(Exercise material begins)
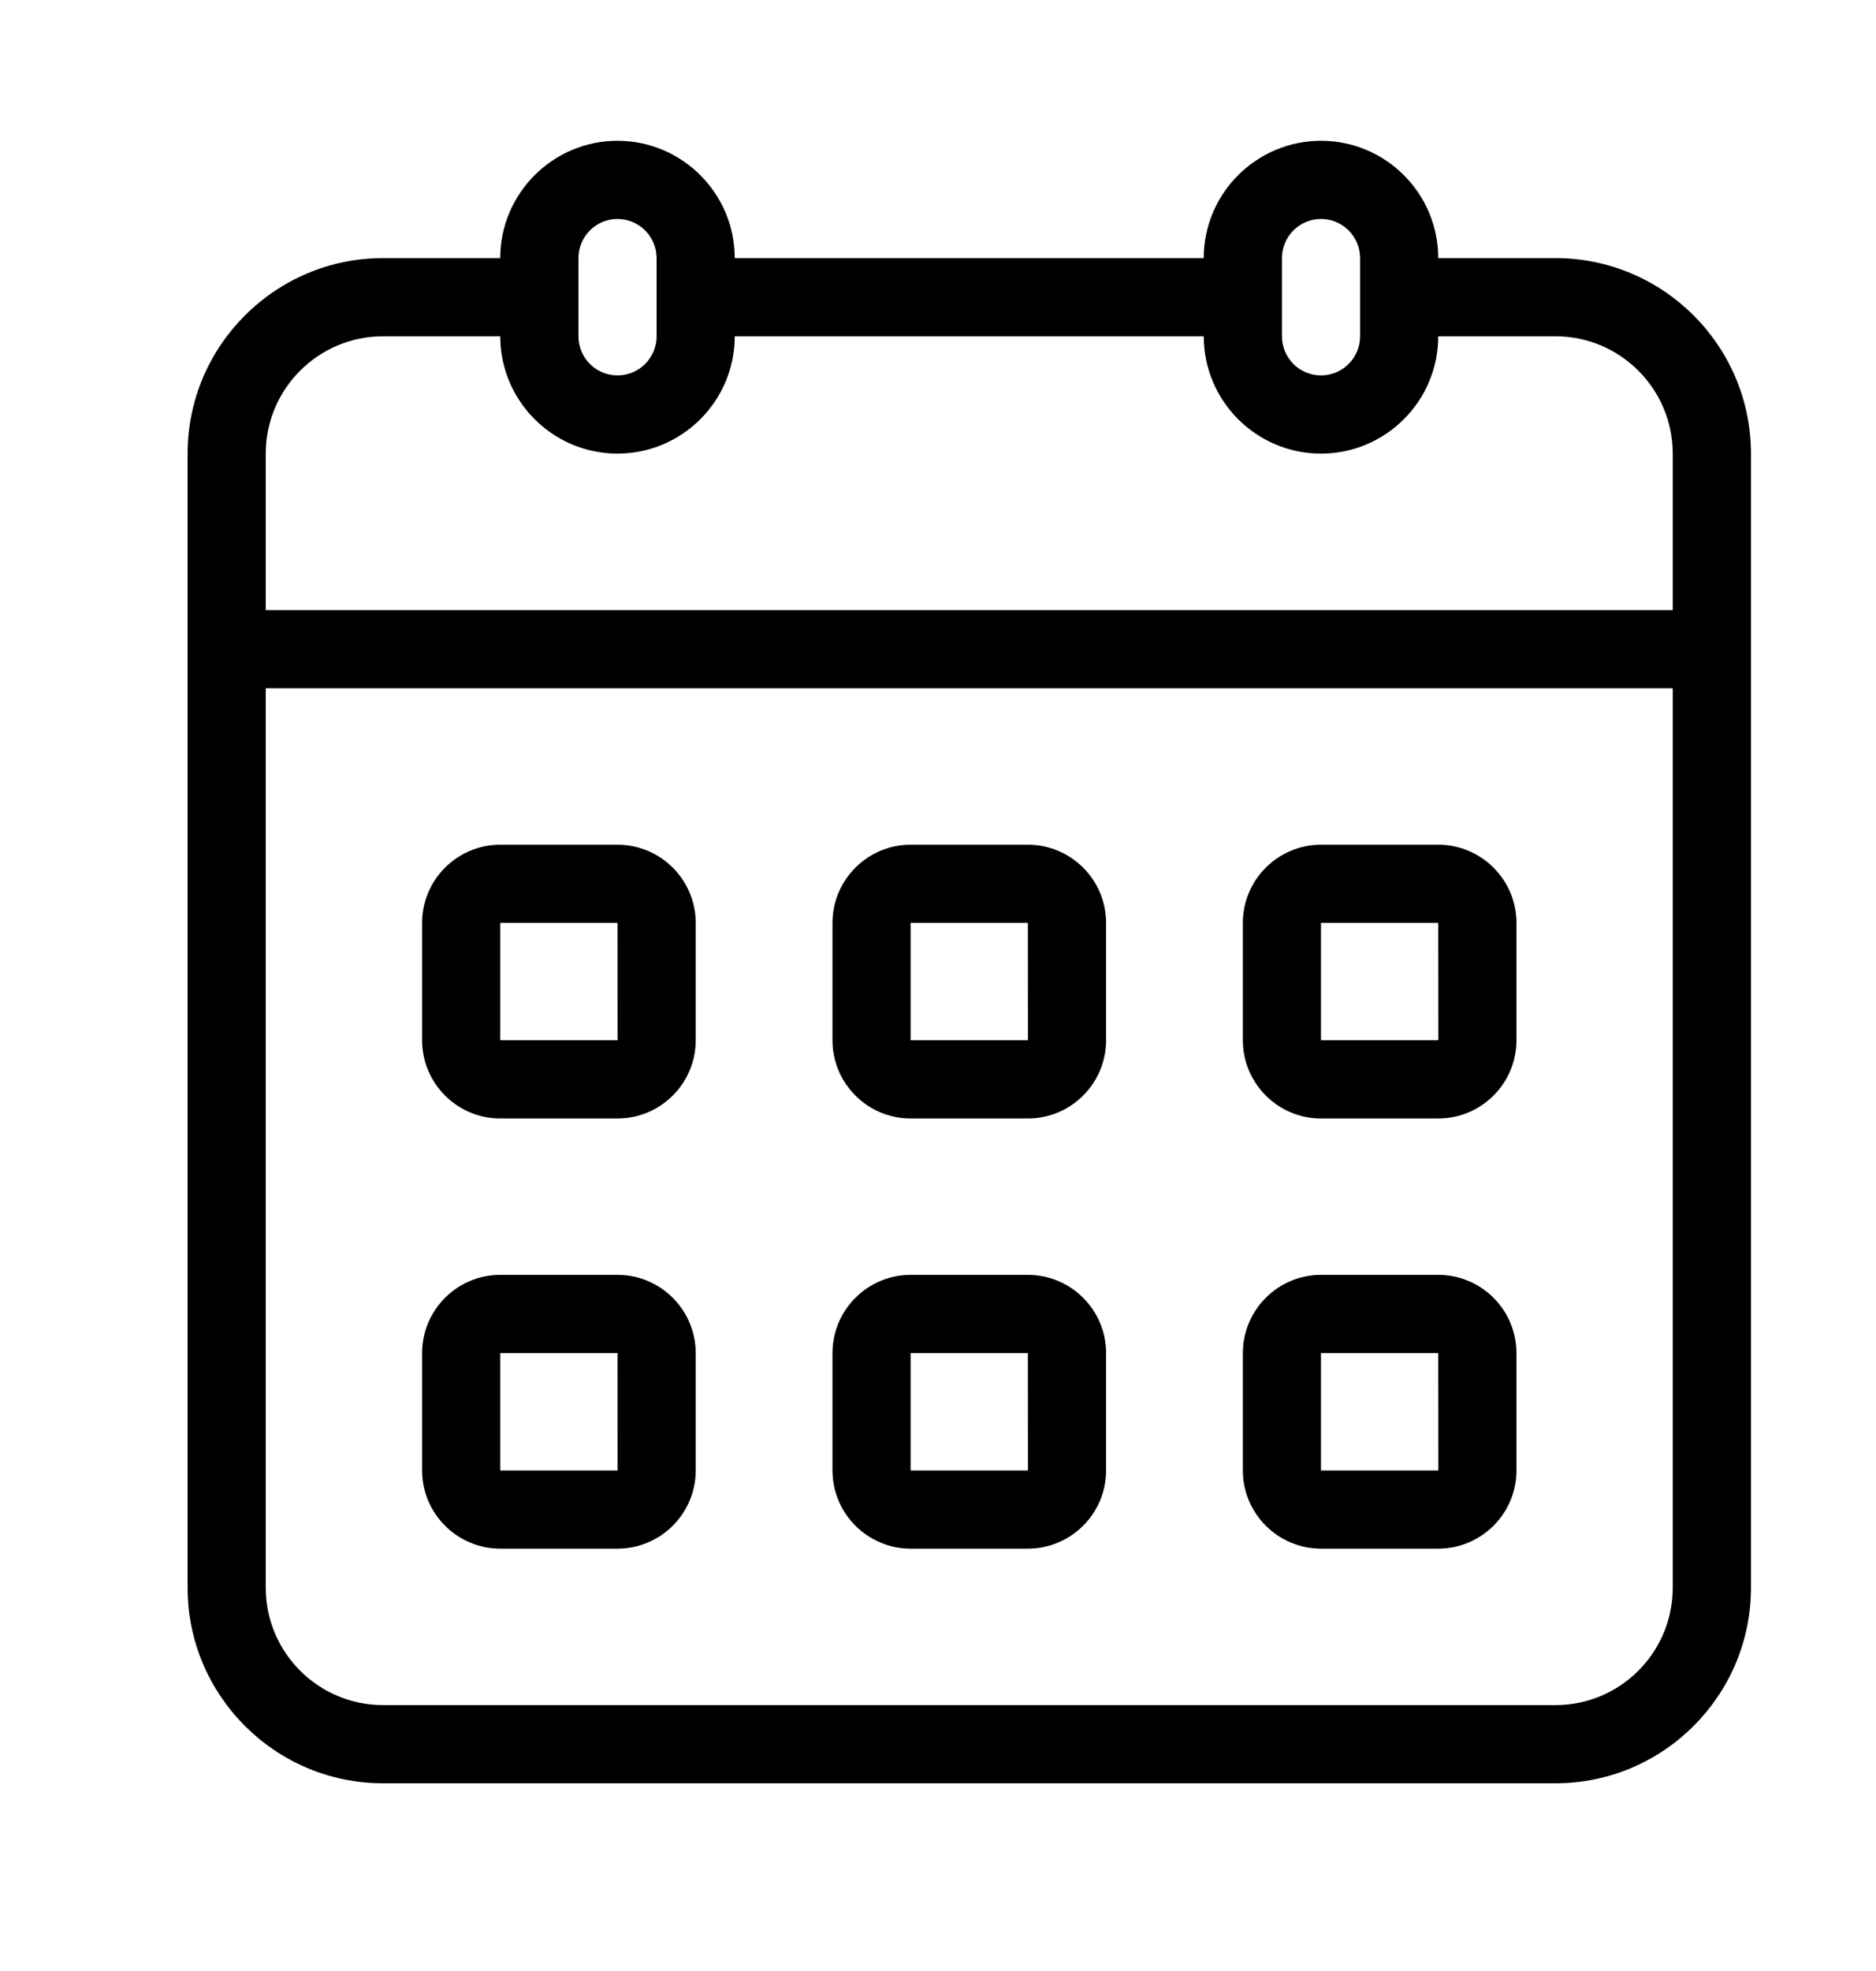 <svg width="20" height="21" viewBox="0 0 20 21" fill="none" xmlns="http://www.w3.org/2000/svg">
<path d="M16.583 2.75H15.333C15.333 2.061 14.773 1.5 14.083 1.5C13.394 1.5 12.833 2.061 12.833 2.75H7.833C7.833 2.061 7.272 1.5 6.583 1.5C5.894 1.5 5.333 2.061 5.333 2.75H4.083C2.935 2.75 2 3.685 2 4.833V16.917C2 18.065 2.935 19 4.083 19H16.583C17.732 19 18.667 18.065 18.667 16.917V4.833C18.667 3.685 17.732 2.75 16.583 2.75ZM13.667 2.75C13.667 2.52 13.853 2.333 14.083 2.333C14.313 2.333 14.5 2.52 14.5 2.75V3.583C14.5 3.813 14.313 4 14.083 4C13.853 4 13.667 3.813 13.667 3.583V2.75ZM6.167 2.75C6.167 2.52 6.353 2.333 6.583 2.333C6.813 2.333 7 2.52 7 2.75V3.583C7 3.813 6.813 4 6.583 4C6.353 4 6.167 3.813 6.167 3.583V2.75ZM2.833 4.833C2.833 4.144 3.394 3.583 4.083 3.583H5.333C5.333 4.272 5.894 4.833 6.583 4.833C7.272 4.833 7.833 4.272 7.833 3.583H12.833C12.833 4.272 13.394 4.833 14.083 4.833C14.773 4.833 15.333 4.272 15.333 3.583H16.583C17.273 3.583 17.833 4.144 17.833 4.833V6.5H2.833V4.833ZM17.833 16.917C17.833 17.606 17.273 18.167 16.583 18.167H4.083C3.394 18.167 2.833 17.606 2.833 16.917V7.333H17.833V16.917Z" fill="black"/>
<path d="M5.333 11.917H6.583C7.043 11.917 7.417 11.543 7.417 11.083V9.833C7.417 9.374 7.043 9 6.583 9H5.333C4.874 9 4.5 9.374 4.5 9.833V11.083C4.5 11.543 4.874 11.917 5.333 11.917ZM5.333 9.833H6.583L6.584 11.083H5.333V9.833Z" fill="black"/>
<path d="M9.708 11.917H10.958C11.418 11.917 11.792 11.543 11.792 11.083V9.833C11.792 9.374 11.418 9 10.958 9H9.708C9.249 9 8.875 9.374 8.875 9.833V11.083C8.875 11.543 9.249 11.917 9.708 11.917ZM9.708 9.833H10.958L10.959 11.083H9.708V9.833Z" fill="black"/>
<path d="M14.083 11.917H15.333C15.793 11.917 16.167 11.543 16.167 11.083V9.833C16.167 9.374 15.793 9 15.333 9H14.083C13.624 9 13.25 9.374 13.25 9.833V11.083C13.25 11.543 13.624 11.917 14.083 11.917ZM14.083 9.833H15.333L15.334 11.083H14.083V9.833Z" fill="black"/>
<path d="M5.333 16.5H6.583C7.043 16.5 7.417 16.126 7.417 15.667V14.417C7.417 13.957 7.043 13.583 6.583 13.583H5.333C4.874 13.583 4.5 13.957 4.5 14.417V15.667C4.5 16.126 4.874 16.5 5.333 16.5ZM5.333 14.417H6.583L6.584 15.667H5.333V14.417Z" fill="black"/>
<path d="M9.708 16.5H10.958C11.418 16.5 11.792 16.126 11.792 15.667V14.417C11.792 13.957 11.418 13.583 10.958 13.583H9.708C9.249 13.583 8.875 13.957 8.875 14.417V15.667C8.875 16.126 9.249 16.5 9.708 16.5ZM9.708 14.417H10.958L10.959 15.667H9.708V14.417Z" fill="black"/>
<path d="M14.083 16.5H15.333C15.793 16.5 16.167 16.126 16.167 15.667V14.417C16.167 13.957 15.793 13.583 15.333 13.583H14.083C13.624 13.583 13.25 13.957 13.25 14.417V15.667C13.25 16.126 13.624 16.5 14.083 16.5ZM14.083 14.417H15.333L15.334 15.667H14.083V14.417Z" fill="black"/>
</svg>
(Exercise material ends)
- What the exercise asks -
Your answer must be the lines from the one holding "16.5H15.333C15.793 16.5 16.167" to the end of the listing above, exactly as written and nothing else.

- Answer to this problem -
<path d="M14.083 16.5H15.333C15.793 16.5 16.167 16.126 16.167 15.667V14.417C16.167 13.957 15.793 13.583 15.333 13.583H14.083C13.624 13.583 13.25 13.957 13.25 14.417V15.667C13.25 16.126 13.624 16.5 14.083 16.5ZM14.083 14.417H15.333L15.334 15.667H14.083V14.417Z" fill="black"/>
</svg>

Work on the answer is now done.